Stored entries:
- - -

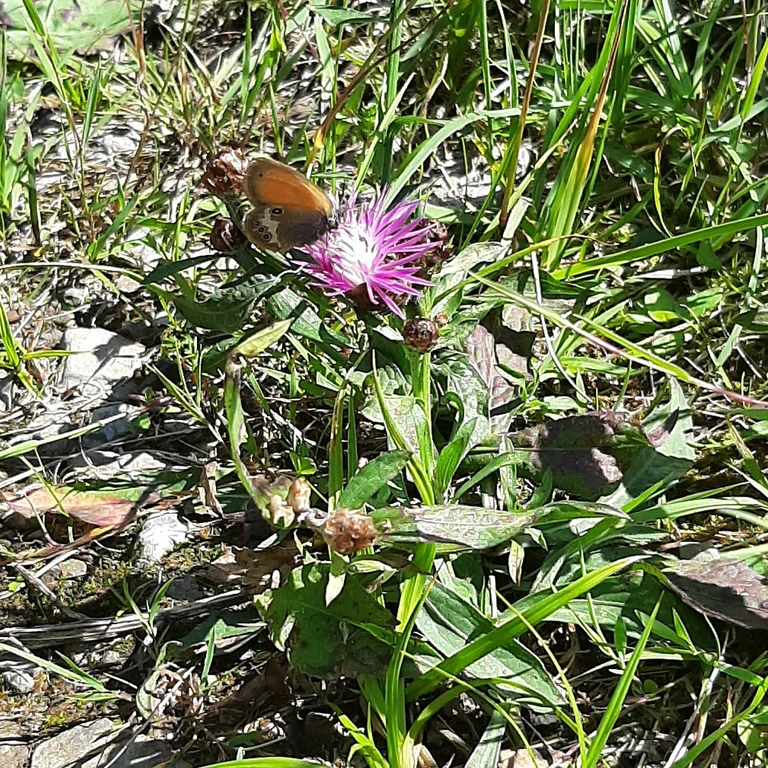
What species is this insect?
Coenonympha arcania
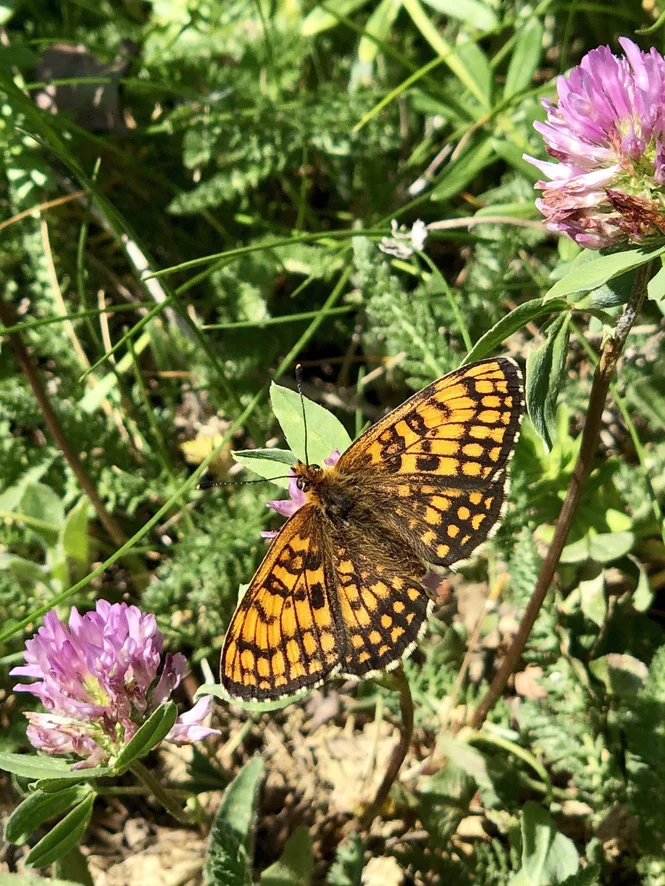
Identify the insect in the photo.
Melitaea athalia
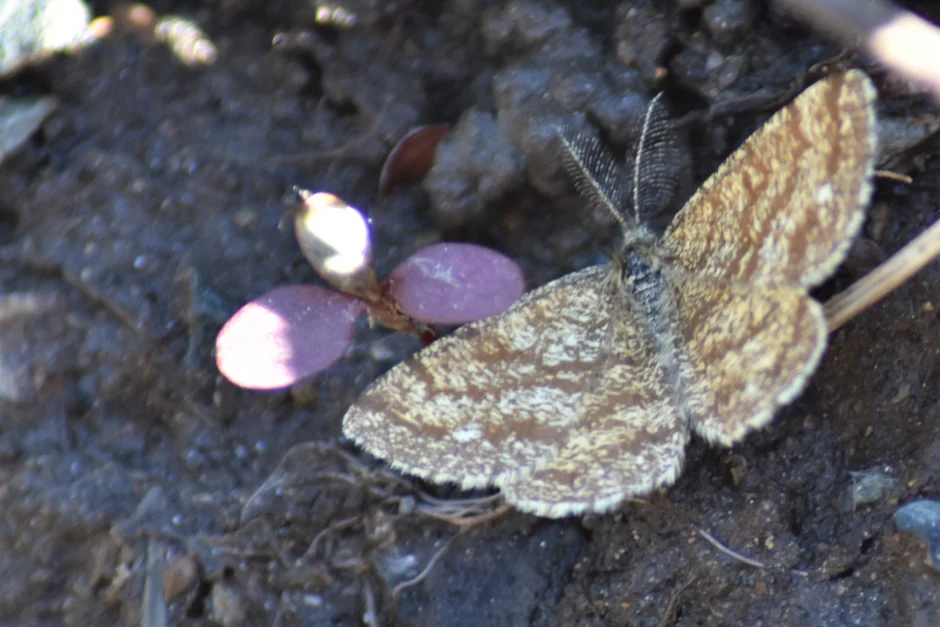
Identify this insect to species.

- - -

Copy all the data exactly as written, but skip any picture.

What species is this insect?
Coenonympha arcania
Identify the insect in the photo.
Melitaea athalia
Identify this insect to species.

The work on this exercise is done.